Work item → Start at the line below containing "Its self-contained STEP" and stop at the line containing "#147 = LINE ( 'NONE', #292, #182 ) ;". Repeat every line of that stretch exactly, and nothing outside it.

[[ Source information open ]]

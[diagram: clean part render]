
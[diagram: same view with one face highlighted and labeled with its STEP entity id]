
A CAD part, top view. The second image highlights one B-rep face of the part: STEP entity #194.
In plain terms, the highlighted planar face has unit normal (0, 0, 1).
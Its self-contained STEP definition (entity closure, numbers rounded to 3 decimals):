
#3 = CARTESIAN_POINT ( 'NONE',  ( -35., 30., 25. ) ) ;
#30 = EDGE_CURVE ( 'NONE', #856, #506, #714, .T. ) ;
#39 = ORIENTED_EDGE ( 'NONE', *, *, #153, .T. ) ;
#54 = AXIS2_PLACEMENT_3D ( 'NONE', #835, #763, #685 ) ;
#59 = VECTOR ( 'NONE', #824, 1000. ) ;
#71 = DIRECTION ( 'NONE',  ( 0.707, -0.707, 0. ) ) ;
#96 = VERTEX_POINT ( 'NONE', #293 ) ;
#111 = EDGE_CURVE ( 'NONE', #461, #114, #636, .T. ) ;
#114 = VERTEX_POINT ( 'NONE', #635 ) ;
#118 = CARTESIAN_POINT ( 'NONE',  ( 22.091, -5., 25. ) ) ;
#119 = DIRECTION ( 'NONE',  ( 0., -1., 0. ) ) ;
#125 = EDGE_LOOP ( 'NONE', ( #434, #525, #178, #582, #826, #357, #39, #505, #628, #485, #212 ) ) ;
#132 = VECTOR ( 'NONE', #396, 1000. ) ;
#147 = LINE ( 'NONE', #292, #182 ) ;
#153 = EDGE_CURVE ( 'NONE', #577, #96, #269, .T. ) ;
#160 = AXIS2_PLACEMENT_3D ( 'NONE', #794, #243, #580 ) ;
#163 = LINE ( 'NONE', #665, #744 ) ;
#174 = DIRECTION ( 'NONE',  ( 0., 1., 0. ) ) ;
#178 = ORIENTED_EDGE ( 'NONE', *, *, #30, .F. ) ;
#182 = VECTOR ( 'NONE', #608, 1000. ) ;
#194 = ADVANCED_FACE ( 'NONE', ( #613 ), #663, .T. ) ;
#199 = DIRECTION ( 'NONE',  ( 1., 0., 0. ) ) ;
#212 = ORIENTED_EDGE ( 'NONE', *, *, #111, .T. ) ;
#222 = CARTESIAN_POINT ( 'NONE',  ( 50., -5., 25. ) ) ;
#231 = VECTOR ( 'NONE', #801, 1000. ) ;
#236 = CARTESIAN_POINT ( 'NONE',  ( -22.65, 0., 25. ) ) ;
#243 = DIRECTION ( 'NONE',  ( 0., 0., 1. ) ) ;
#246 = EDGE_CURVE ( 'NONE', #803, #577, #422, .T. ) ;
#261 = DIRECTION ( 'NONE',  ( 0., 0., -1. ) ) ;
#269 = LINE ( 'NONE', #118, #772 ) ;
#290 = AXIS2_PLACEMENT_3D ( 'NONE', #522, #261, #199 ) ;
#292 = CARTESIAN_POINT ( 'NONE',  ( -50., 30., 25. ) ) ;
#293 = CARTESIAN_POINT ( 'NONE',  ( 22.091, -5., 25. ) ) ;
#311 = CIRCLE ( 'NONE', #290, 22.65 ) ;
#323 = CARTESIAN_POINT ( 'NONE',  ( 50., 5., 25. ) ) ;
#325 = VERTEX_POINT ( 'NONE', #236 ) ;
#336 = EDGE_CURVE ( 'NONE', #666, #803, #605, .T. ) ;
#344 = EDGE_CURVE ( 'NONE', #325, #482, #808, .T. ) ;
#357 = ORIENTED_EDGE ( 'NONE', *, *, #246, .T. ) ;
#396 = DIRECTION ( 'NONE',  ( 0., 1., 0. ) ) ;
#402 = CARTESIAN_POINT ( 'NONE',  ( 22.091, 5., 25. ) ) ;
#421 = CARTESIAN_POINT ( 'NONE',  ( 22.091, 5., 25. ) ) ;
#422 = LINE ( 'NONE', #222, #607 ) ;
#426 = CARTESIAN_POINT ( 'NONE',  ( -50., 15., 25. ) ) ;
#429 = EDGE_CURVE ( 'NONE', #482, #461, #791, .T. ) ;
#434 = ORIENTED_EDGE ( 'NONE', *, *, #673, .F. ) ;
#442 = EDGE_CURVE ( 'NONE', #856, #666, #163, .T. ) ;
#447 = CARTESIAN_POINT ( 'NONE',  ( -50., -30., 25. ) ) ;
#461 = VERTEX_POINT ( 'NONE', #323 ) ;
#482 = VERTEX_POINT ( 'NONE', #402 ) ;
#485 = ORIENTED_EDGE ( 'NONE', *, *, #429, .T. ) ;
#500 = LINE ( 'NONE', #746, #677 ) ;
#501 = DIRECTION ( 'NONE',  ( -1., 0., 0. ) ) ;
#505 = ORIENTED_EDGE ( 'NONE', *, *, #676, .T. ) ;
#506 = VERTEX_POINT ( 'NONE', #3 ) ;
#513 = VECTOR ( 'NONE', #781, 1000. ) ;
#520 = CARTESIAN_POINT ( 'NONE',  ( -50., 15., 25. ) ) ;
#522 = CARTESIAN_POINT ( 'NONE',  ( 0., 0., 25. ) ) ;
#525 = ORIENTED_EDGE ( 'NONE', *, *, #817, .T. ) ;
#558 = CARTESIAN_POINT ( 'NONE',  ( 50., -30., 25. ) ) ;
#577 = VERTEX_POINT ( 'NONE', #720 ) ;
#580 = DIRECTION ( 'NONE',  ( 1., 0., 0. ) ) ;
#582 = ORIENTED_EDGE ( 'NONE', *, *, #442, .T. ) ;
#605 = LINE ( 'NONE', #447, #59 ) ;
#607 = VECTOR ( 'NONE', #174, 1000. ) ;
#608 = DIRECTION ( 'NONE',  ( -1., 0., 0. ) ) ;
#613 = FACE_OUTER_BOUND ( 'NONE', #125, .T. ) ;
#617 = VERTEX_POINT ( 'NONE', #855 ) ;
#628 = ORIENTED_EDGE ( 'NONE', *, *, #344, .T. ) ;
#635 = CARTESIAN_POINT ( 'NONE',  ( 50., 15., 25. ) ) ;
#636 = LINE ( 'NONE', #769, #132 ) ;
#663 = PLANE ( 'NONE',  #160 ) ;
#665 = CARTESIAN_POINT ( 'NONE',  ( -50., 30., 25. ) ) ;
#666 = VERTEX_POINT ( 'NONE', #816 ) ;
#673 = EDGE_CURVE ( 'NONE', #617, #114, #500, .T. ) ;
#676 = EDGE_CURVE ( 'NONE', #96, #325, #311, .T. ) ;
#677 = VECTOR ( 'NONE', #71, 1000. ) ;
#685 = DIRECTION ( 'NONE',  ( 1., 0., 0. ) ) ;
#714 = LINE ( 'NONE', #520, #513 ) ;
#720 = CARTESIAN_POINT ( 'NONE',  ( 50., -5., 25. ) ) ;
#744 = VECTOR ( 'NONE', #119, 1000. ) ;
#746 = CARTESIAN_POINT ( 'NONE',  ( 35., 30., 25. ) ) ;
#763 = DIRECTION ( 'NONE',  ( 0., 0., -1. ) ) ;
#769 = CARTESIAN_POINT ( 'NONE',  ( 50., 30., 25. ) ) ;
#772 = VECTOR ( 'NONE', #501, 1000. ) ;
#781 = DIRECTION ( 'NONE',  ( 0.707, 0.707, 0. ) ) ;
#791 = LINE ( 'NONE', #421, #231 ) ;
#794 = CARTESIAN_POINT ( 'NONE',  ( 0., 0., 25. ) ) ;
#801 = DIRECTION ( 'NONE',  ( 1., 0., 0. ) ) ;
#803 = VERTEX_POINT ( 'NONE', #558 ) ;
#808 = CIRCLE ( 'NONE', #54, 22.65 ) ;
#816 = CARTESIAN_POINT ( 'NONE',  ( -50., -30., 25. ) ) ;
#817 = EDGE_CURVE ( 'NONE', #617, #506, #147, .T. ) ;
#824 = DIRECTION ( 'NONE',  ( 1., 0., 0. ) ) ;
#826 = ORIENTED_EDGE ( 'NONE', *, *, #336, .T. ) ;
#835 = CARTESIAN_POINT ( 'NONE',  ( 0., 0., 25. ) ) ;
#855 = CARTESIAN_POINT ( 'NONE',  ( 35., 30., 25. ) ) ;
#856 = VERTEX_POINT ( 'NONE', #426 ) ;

[[ Source information closed ]]

Answer section →
Its self-contained STEP definition (entity closure, numbers rounded to 3 decimals):
#3 = CARTESIAN_POINT ( 'NONE',  ( -35., 30., 25. ) ) ;
#30 = EDGE_CURVE ( 'NONE', #856, #506, #714, .T. ) ;
#39 = ORIENTED_EDGE ( 'NONE', *, *, #153, .T. ) ;
#54 = AXIS2_PLACEMENT_3D ( 'NONE', #835, #763, #685 ) ;
#59 = VECTOR ( 'NONE', #824, 1000. ) ;
#71 = DIRECTION ( 'NONE',  ( 0.707, -0.707, 0. ) ) ;
#96 = VERTEX_POINT ( 'NONE', #293 ) ;
#111 = EDGE_CURVE ( 'NONE', #461, #114, #636, .T. ) ;
#114 = VERTEX_POINT ( 'NONE', #635 ) ;
#118 = CARTESIAN_POINT ( 'NONE',  ( 22.091, -5., 25. ) ) ;
#119 = DIRECTION ( 'NONE',  ( 0., -1., 0. ) ) ;
#125 = EDGE_LOOP ( 'NONE', ( #434, #525, #178, #582, #826, #357, #39, #505, #628, #485, #212 ) ) ;
#132 = VECTOR ( 'NONE', #396, 1000. ) ;
#147 = LINE ( 'NONE', #292, #182 ) ;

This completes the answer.